JERUSALEM—About 15 people were killed on Monday when the Israeli navy intercepted a convoy of aid ships that activists were trying to sail to the Gaza Strip, Israel’s Channel 10 private television network said.

Earlier, a spokesman for the Free Gaza Movement which organized the six-ship flotilla said at least two were killed.

Casualties could hurt Israel’s international image and diplomatic relations, especially its long-time regional Muslim ally Turkey, whose flag some of the aid ships were flying.

Israel has said it was absolutely determined to maintain its blockade of the Islamist Hamas-controlled Gaza Strip, a Palestinian territory of 1.5 million. It has previously halted such activist ships, although others have reached Gaza before.

Amid Israeli military censorship and a refusal of Israeli officials to comment on what appeared to be a continuing operation three hours after dawn broke over the Mediterranean, Channel 10 made clear it was not citing foreign sources.

After initially reporting that at least 10 people were dead, it later said the death toll was between 14 and 16. It said commandos who had boarded the convoy were still conducting searches and encountering what it called violent resistance.

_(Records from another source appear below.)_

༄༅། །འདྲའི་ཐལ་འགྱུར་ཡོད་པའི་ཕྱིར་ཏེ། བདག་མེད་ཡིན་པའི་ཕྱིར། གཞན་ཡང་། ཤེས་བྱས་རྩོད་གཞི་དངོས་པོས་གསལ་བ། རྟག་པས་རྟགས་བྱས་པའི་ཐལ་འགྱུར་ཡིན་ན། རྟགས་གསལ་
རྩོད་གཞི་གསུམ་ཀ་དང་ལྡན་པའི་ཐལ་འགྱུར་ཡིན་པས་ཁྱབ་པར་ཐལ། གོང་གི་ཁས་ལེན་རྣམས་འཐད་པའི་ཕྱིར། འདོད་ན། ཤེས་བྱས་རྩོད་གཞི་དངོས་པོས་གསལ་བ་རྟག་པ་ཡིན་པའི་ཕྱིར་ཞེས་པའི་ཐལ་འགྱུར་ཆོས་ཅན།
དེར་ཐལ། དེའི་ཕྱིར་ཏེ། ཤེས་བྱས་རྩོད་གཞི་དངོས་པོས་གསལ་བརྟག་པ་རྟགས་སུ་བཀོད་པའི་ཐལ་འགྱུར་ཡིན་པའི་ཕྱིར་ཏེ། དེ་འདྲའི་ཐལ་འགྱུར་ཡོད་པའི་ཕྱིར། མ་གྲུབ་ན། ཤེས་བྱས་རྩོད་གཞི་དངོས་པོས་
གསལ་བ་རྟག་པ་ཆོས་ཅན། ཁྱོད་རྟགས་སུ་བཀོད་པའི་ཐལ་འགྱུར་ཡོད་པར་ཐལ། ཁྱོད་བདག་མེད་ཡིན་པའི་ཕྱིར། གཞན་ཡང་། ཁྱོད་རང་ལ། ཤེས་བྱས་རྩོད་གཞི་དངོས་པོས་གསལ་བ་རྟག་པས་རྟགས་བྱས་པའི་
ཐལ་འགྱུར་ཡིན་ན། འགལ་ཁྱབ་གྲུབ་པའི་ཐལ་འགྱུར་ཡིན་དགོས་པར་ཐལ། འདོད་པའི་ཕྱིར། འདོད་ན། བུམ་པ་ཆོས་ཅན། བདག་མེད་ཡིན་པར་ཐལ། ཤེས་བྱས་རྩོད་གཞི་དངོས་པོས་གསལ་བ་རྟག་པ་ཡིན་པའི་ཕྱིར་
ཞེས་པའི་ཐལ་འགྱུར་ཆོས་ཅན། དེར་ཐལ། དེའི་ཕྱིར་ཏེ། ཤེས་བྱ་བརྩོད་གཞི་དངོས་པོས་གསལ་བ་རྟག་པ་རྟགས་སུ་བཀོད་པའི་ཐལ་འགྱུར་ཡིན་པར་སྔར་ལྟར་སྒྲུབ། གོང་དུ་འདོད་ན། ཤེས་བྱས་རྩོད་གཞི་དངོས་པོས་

“Two people have been killed on board the Turkish boat and 30 or more were wounded,” said Mary Hughes Thompson, a spokeswoman for the Free Gaza Movement, which was behind the convoy.

“As far as we know IDF (Israeli military) commandos descended on the boat from helicopters and took it over.”

The convoy set off in international waters off Cyprus on Sunday in defiance of an Israeli-led blockade of the Gaza Strip and warnings that it would be intercepted.

The flotilla was organized by pro-Palestinian groups and a Turkish human rights organization. Turkey had urged Israel to allow it safe passage and said the 10,000 tonnes of aid the convoy was carrying was humanitarian.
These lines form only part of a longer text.